(Stored dataset items)
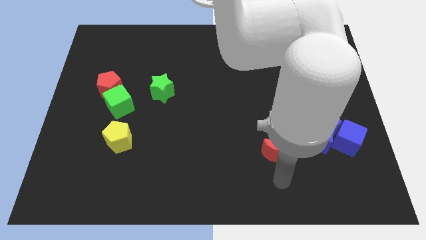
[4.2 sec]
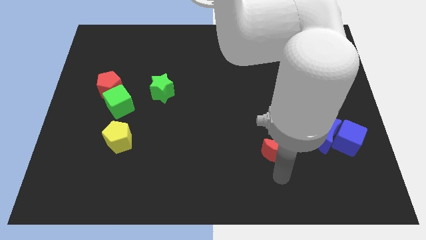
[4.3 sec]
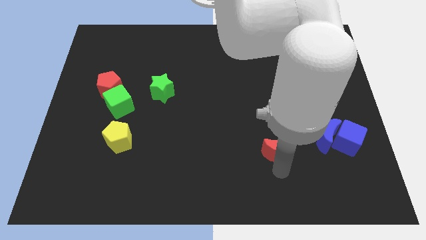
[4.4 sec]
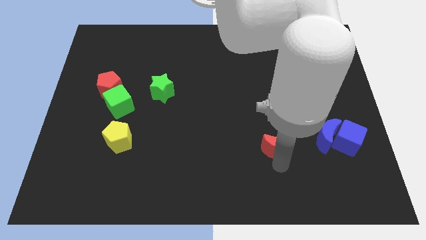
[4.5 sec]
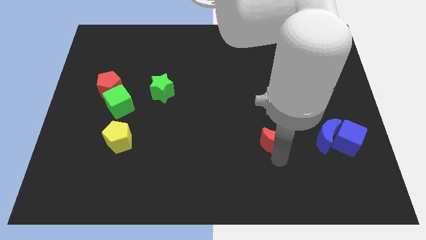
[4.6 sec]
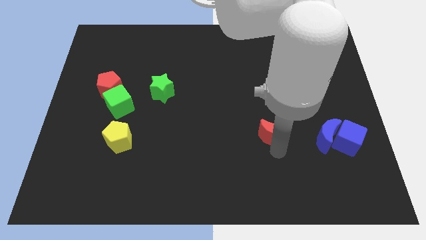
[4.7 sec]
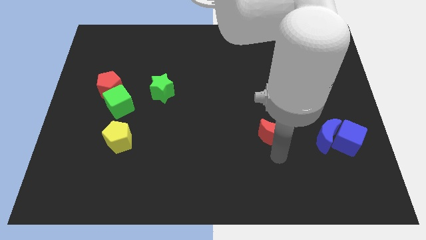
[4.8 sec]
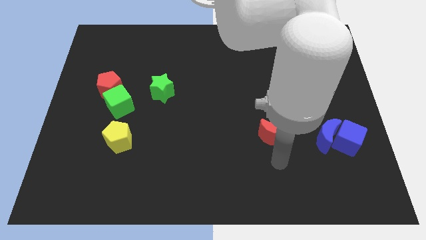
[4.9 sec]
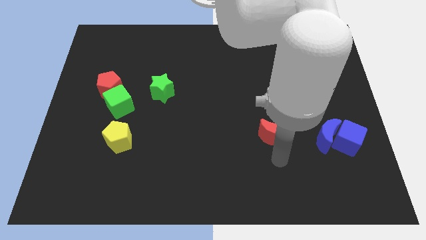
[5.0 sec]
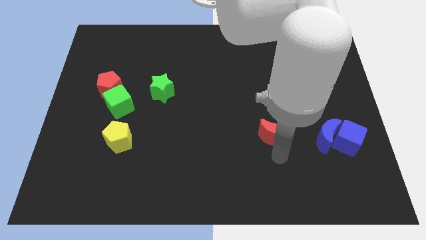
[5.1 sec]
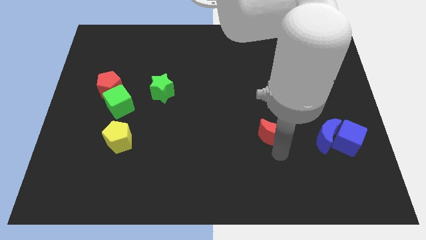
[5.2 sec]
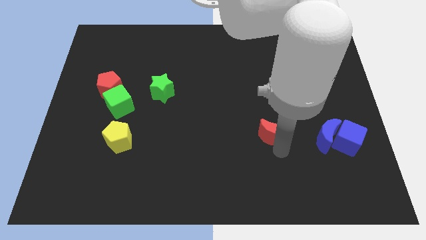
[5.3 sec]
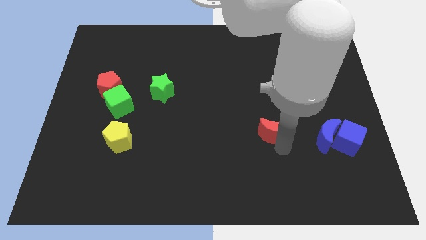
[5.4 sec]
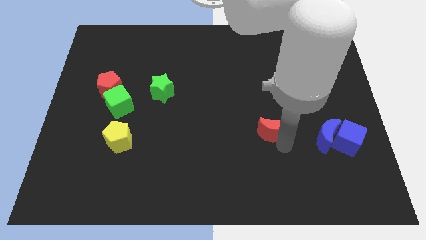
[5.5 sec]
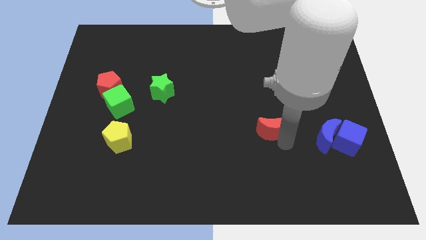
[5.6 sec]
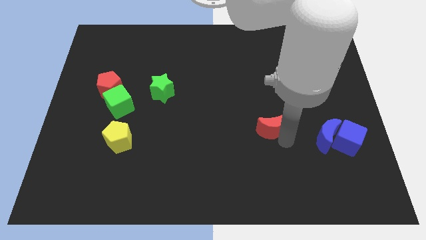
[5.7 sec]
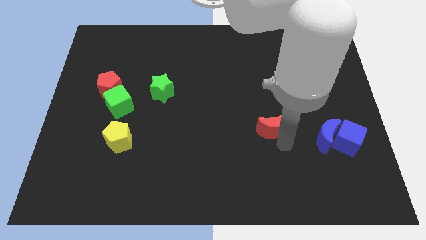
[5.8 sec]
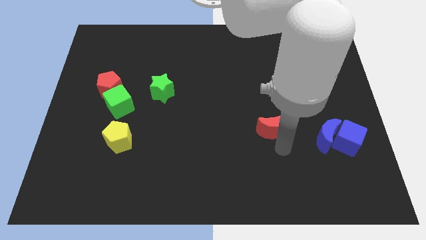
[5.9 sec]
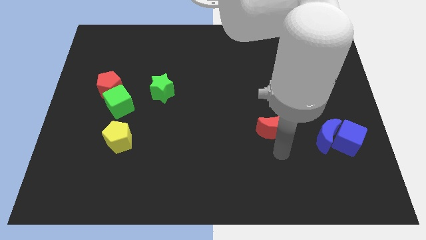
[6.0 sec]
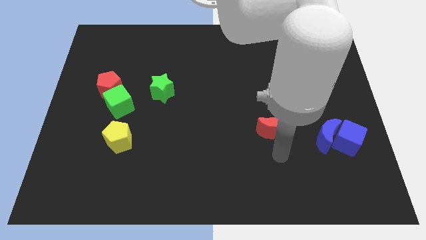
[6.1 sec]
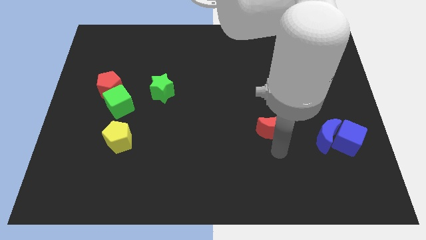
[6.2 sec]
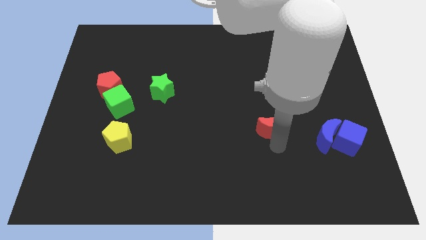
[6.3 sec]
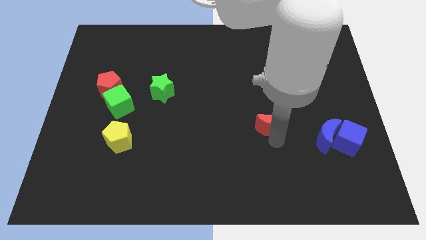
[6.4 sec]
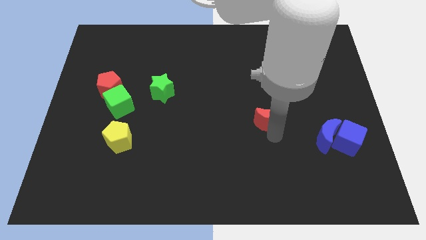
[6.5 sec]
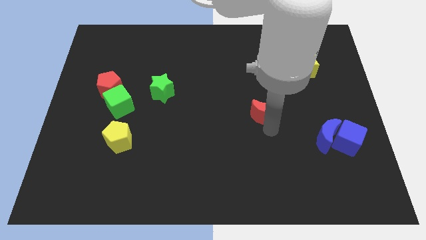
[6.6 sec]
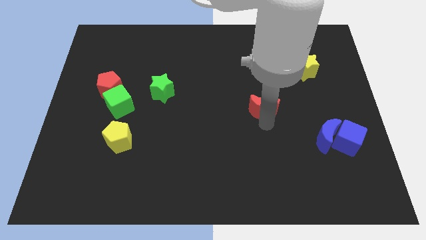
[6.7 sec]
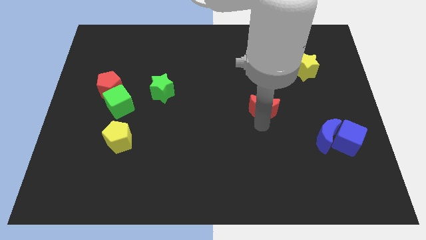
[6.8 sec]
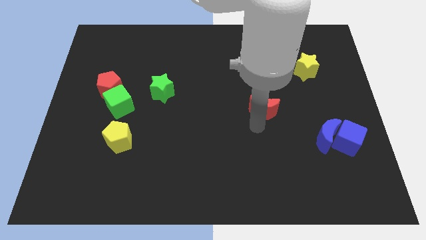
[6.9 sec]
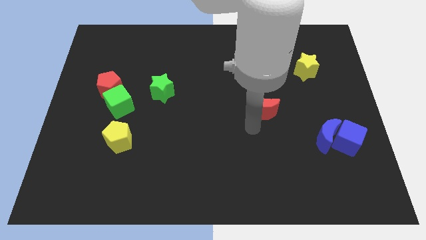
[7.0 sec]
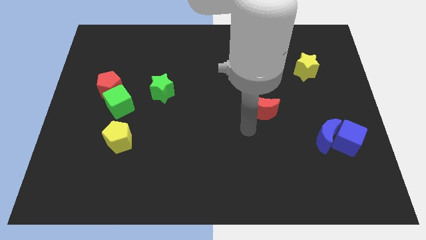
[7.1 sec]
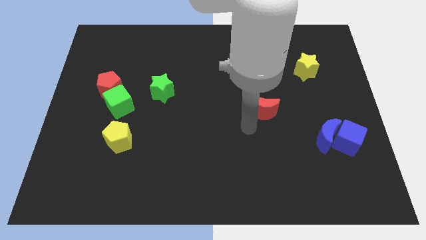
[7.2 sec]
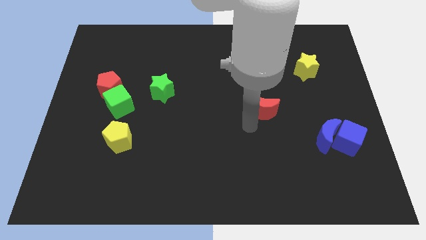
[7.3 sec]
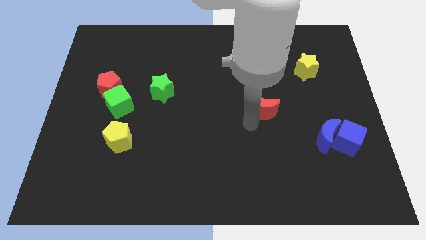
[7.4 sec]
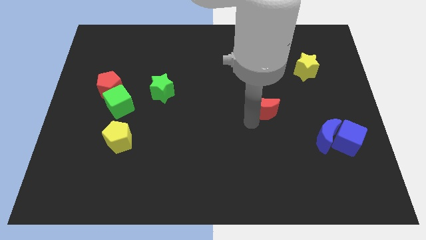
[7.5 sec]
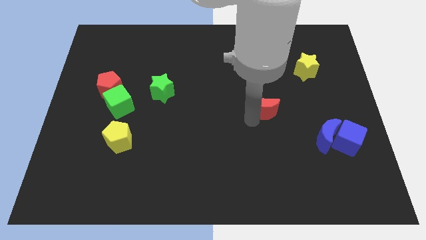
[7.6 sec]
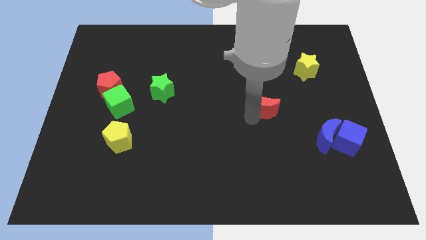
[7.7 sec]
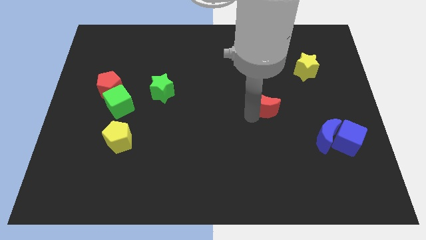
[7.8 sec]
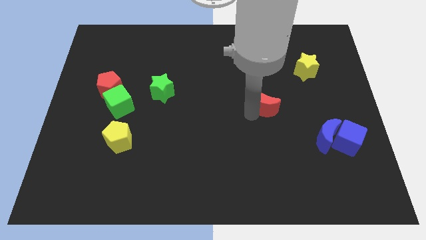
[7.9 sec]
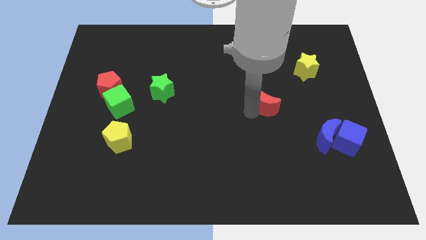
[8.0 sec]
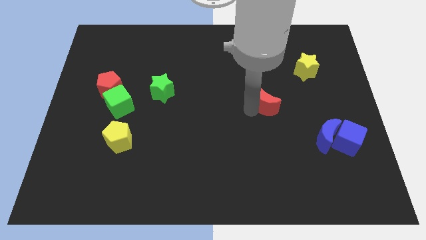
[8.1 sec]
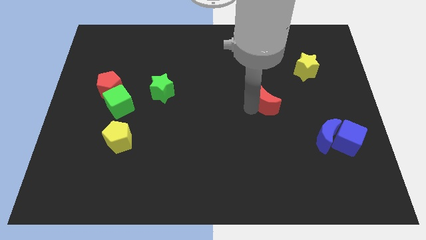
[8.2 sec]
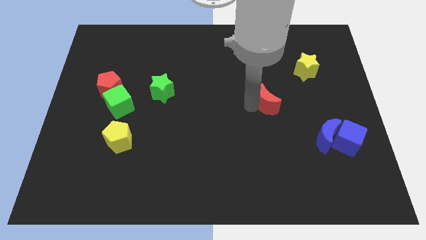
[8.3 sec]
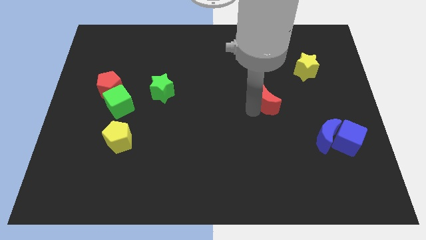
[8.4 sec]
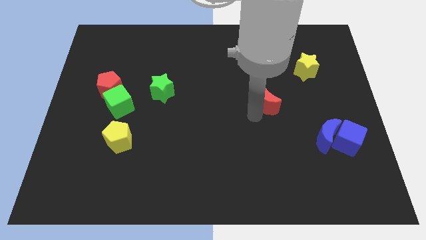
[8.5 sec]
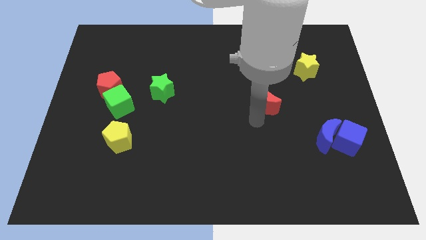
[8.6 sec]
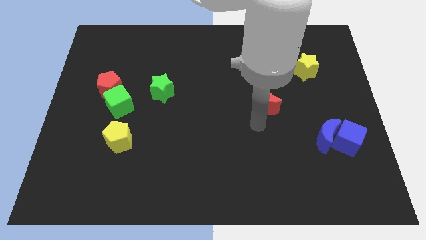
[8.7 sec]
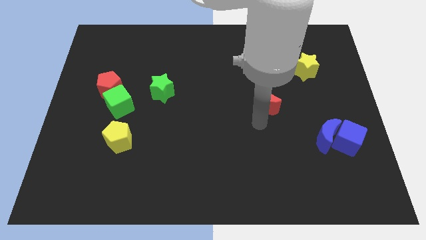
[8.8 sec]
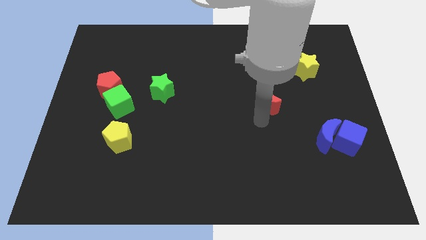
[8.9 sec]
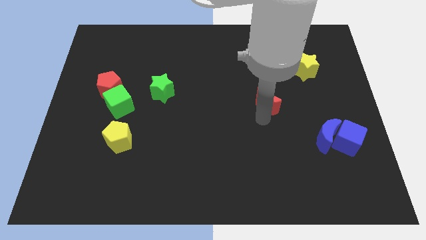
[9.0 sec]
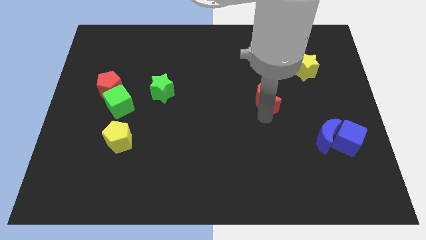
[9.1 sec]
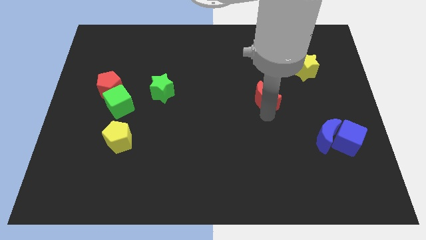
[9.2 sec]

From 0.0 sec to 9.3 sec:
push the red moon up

» What you will do
Quote every record above exactly, leaving out any pictures.

» Result
[4.2 sec]
[4.3 sec]
[4.4 sec]
[4.5 sec]
[4.6 sec]
[4.7 sec]
[4.8 sec]
[4.9 sec]
[5.0 sec]
[5.1 sec]
[5.2 sec]
[5.3 sec]
[5.4 sec]
[5.5 sec]
[5.6 sec]
[5.7 sec]
[5.8 sec]
[5.9 sec]
[6.0 sec]
[6.1 sec]
[6.2 sec]
[6.3 sec]
[6.4 sec]
[6.5 sec]
[6.6 sec]
[6.7 sec]
[6.8 sec]
[6.9 sec]
[7.0 sec]
[7.1 sec]
[7.2 sec]
[7.3 sec]
[7.4 sec]
[7.5 sec]
[7.6 sec]
[7.7 sec]
[7.8 sec]
[7.9 sec]
[8.0 sec]
[8.1 sec]
[8.2 sec]
[8.3 sec]
[8.4 sec]
[8.5 sec]
[8.6 sec]
[8.7 sec]
[8.8 sec]
[8.9 sec]
[9.0 sec]
[9.1 sec]
[9.2 sec]

From 0.0 sec to 9.3 sec:
push the red moon up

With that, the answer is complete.